### WHAT IS BEING ASKED:
Without the images, set down each entry exactly.

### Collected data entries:
_ _ _ _ _ _ _

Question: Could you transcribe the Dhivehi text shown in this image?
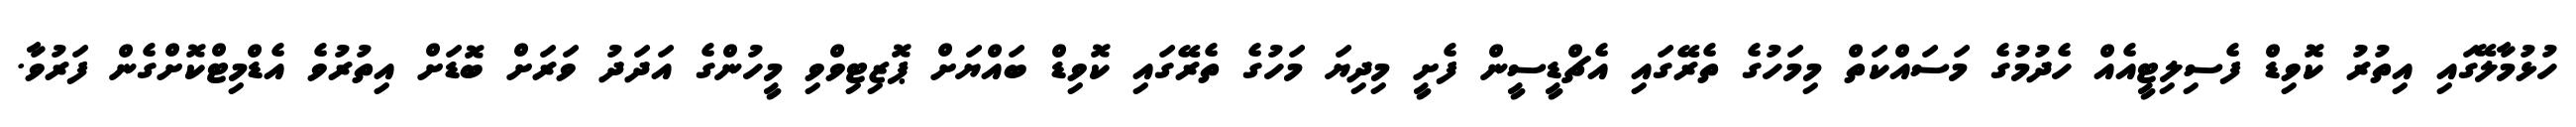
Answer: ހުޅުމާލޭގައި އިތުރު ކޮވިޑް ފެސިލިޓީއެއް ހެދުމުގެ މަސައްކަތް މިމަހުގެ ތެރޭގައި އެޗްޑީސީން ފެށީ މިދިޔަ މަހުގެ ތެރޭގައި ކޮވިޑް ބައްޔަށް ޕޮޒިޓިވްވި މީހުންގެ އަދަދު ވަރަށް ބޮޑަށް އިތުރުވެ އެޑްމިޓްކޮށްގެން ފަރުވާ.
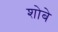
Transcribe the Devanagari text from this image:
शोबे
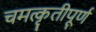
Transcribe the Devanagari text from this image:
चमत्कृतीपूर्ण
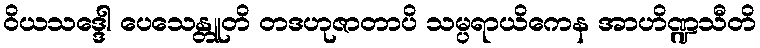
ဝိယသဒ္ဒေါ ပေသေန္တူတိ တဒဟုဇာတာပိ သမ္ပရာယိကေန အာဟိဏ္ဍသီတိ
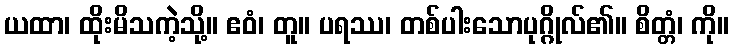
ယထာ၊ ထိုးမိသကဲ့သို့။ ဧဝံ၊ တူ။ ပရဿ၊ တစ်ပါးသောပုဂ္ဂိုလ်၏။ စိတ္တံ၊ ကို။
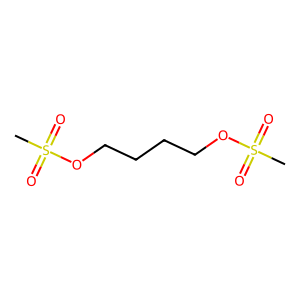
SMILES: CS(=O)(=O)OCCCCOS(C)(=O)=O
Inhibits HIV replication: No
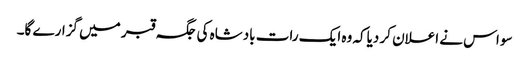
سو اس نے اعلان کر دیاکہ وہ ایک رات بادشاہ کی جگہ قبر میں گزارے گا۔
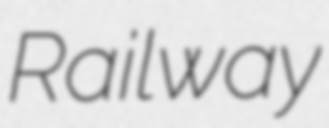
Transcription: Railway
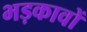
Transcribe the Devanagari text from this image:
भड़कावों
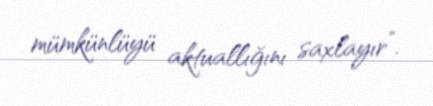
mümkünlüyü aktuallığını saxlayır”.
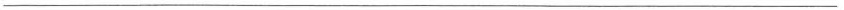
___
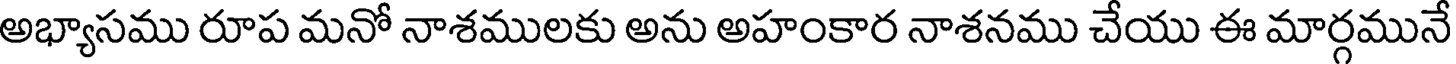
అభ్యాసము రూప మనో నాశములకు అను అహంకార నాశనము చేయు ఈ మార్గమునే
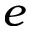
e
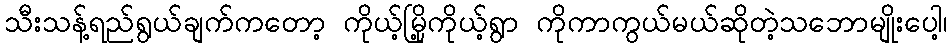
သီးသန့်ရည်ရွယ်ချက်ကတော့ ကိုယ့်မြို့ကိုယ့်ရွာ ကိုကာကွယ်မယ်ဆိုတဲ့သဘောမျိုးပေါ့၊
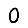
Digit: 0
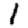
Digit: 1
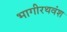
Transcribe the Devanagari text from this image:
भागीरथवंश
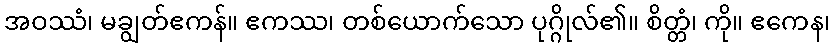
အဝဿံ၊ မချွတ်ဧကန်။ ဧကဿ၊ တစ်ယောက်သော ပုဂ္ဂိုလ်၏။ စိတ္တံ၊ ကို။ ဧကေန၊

_ _ _ _ _ _ _

### RESULT BELOW:
Question: Could you transcribe the Dhivehi text shown in this image?
Answer: ހުޅުމާލޭގައި އިތުރު ކޮވިޑް ފެސިލިޓީއެއް ހެދުމުގެ މަސައްކަތް މިމަހުގެ ތެރޭގައި އެޗްޑީސީން ފެށީ މިދިޔަ މަހުގެ ތެރޭގައި ކޮވިޑް ބައްޔަށް ޕޮޒިޓިވްވި މީހުންގެ އަދަދު ވަރަށް ބޮޑަށް އިތުރުވެ އެޑްމިޓްކޮށްގެން ފަރުވާ.
Transcribe the Devanagari text from this image:
शोबे
Transcribe the Devanagari text from this image:
चमत्कृतीपूर्ण
ဝိယသဒ္ဒေါ ပေသေန္တူတိ တဒဟုဇာတာပိ သမ္ပရာယိကေန အာဟိဏ္ဍသီတိ
ယထာ၊ ထိုးမိသကဲ့သို့။ ဧဝံ၊ တူ။ ပရဿ၊ တစ်ပါးသောပုဂ္ဂိုလ်၏။ စိတ္တံ၊ ကို။
SMILES: CS(=O)(=O)OCCCCOS(C)(=O)=O
Inhibits HIV replication: No
سو اس نے اعلان کر دیاکہ وہ ایک رات بادشاہ کی جگہ قبر میں گزارے گا۔
Transcription: Railway
Transcribe the Devanagari text from this image:
भड़कावों
mümkünlüyü aktuallığını saxlayır”.
___
అభ్యాసము రూప మనో నాశములకు అను అహంకార నాశనము చేయు ఈ మార్గమునే
e
သီးသန့်ရည်ရွယ်ချက်ကတော့ ကိုယ့်မြို့ကိုယ့်ရွာ ကိုကာကွယ်မယ်ဆိုတဲ့သဘောမျိုးပေါ့၊
Digit: 0
Digit: 1
Transcribe the Devanagari text from this image:
भागीरथवंश
အဝဿံ၊ မချွတ်ဧကန်။ ဧကဿ၊ တစ်ယောက်သော ပုဂ္ဂိုလ်၏။ စိတ္တံ၊ ကို။ ဧကေန၊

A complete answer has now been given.